This is an important point, which we took into account. We repeat here the same response as above (the Major comments section). The revised version of the manuscript discusses the confounding in the UK biobank data. We clearly demonstrate that uncorrected summary statistics of the UK Biobank GWAS show signals of stratification even if the analysis is restricted to White British individuals. Interestingly, in the UK the north-south genetic cline tracks the height gradient in the opposite direction than in Continental Europe. Obviously, the magnitude of the confounding is much smaller, compared to the confounding that can arise from residual stratification in a trans-European sample. It seems likely that both genetic and environmental stratification are present along similar dimensions in the UK Biobank population, which could explain this finding.
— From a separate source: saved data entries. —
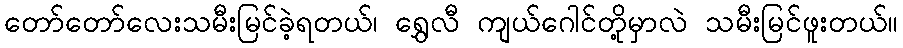
တော်တော်လေးသမီးမြင်ခဲ့ရတယ်၊ ရွှေလီ ကျယ်ဂေါင်တို့မှာလဲ သမီးမြင်ဖူးတယ်။
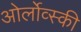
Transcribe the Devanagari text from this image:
ओर्लोव्स्की
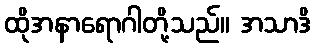
ထိုအနာရောဂါတို့သည်။ အသာဒိ
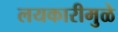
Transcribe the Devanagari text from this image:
लयकारीमुळे
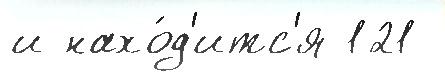
и нахо́д'итс'я 121
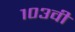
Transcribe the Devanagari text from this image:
१०३वी
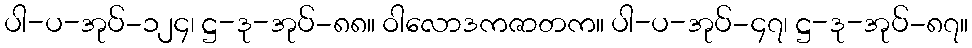
ပါ-ပ-အုပ်-၁၂၄၊ ဋ္ဌ-ဒု-အုပ်-၈၈။ ဝါလောဒကဇာတက။ ပါ-ပ-အုပ်-၄၇၊ ဋ္ဌ-ဒု-အုပ်-၈၇။
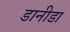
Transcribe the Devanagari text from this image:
डानीडा
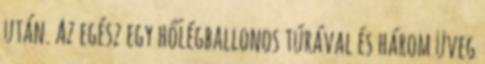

Principal components can correct for stratification effects, regardless of whether they are of genetic or environmental origin. We therefore have made no attempts to disentangle the causes of stratification in the UK Biobank, but other researchers have (Haworth et al.).

2) Potential influence of GxE interactions: The manuscripts focus (for good reason) on issues connected with stratification. However, if polygenic scores depend on the environment (e.g., due to countergradient variation), GxE interactions are an alternative confounding factor. Importantly, use of a homogeneous detection panel (to avoid stratification), such as UKB-GB, could increase these effects. Maybe this should be briefly discussed in the context of the present results and mentioned as a necessary caveat also for future studies that use detection panels from narrow geographic regions.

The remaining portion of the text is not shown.